### Supplied records:
====

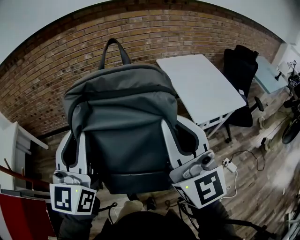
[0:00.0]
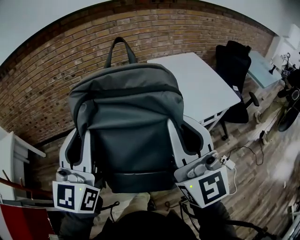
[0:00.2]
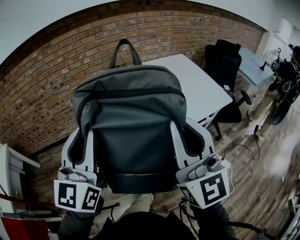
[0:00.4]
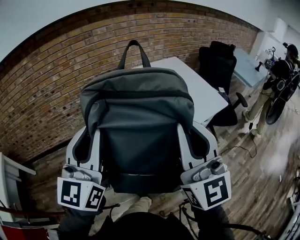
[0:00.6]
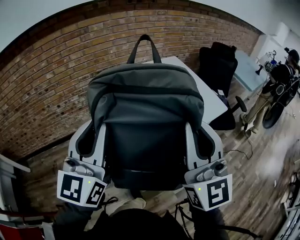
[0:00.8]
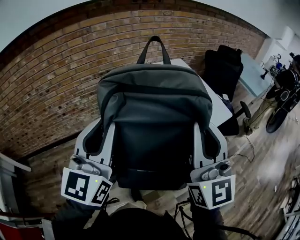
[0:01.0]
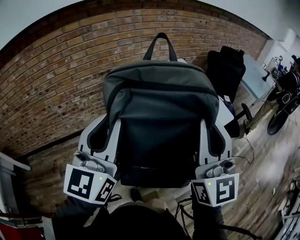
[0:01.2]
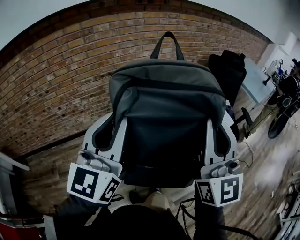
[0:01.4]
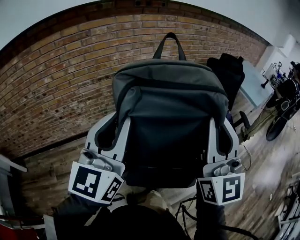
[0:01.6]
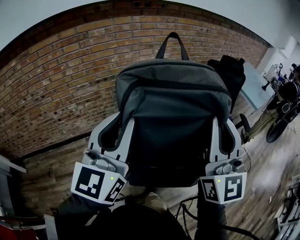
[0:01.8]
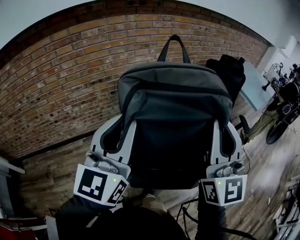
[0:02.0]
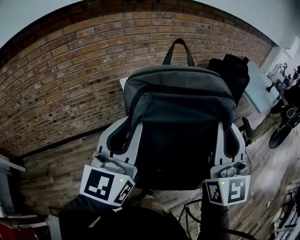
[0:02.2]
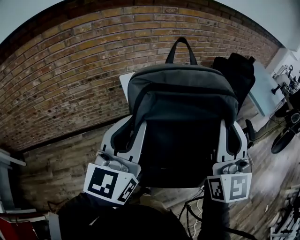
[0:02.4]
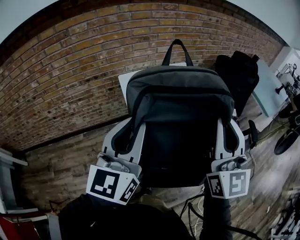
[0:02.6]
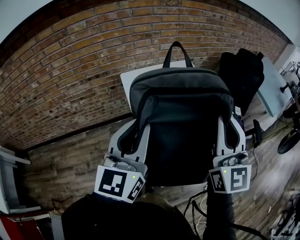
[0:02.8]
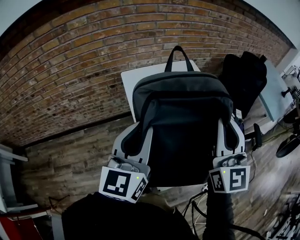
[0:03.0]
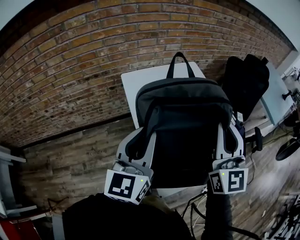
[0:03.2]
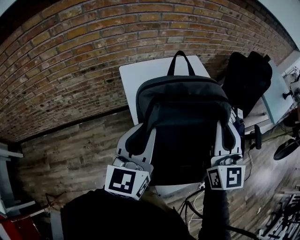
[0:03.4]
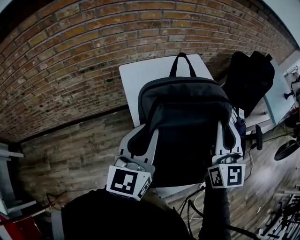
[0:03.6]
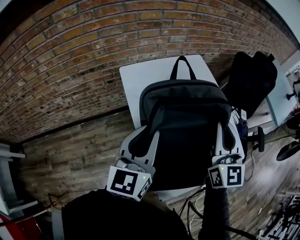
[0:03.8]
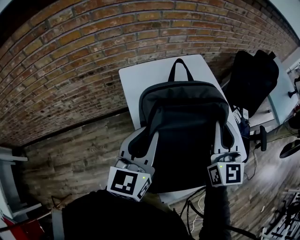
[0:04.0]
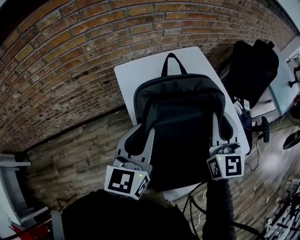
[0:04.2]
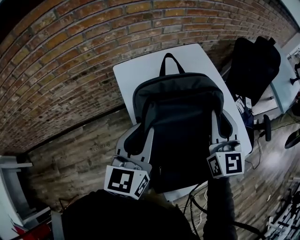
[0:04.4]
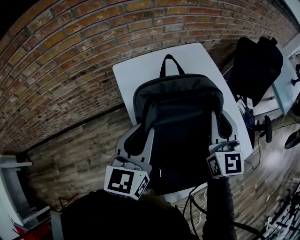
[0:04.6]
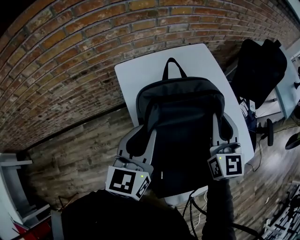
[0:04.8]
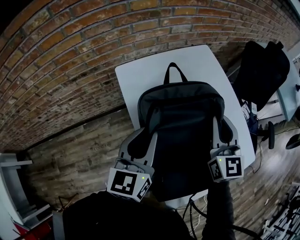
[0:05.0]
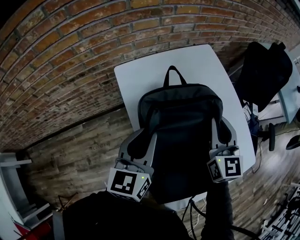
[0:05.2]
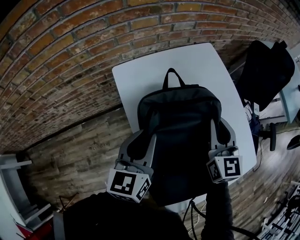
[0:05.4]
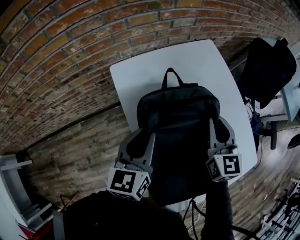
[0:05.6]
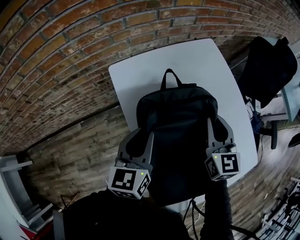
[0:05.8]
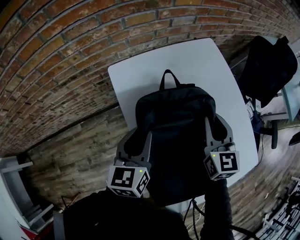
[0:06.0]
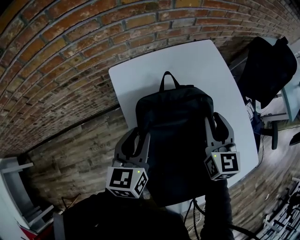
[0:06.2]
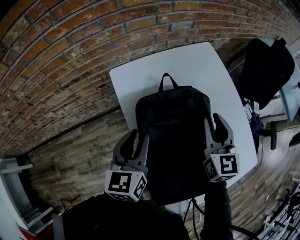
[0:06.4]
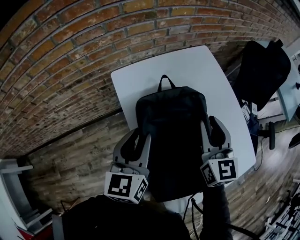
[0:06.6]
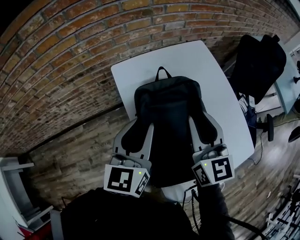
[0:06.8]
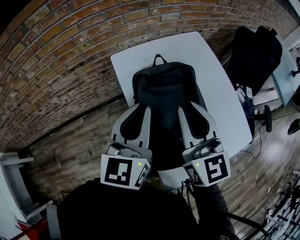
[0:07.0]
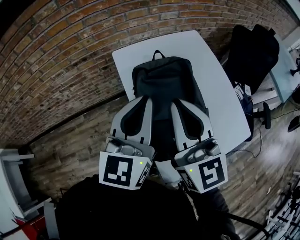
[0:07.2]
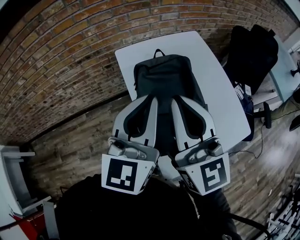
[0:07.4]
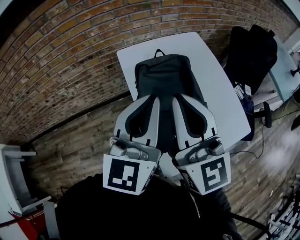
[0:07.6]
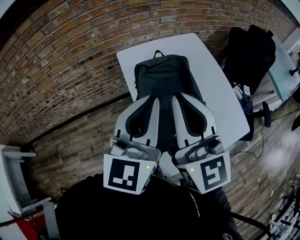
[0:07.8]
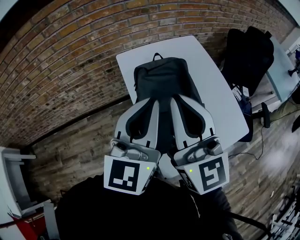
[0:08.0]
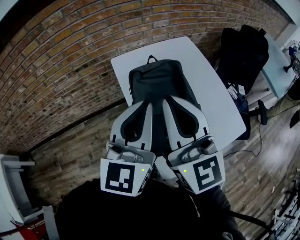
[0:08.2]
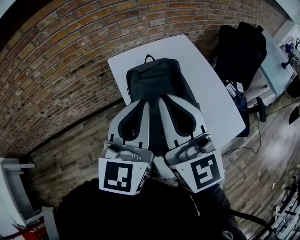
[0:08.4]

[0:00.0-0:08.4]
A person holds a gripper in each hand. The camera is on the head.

====

### About this exercise:
Would you copy out the data exactly, leaving every picture out?

### Solution:
[0:00.0]
[0:00.2]
[0:00.4]
[0:00.6]
[0:00.8]
[0:01.0]
[0:01.2]
[0:01.4]
[0:01.6]
[0:01.8]
[0:02.0]
[0:02.2]
[0:02.4]
[0:02.6]
[0:02.8]
[0:03.0]
[0:03.2]
[0:03.4]
[0:03.6]
[0:03.8]
[0:04.0]
[0:04.2]
[0:04.4]
[0:04.6]
[0:04.8]
[0:05.0]
[0:05.2]
[0:05.4]
[0:05.6]
[0:05.8]
[0:06.0]
[0:06.2]
[0:06.4]
[0:06.6]
[0:06.8]
[0:07.0]
[0:07.2]
[0:07.4]
[0:07.6]
[0:07.8]
[0:08.0]
[0:08.2]
[0:08.4]

[0:00.0-0:08.4]
A person holds a gripper in each hand. The camera is on the head.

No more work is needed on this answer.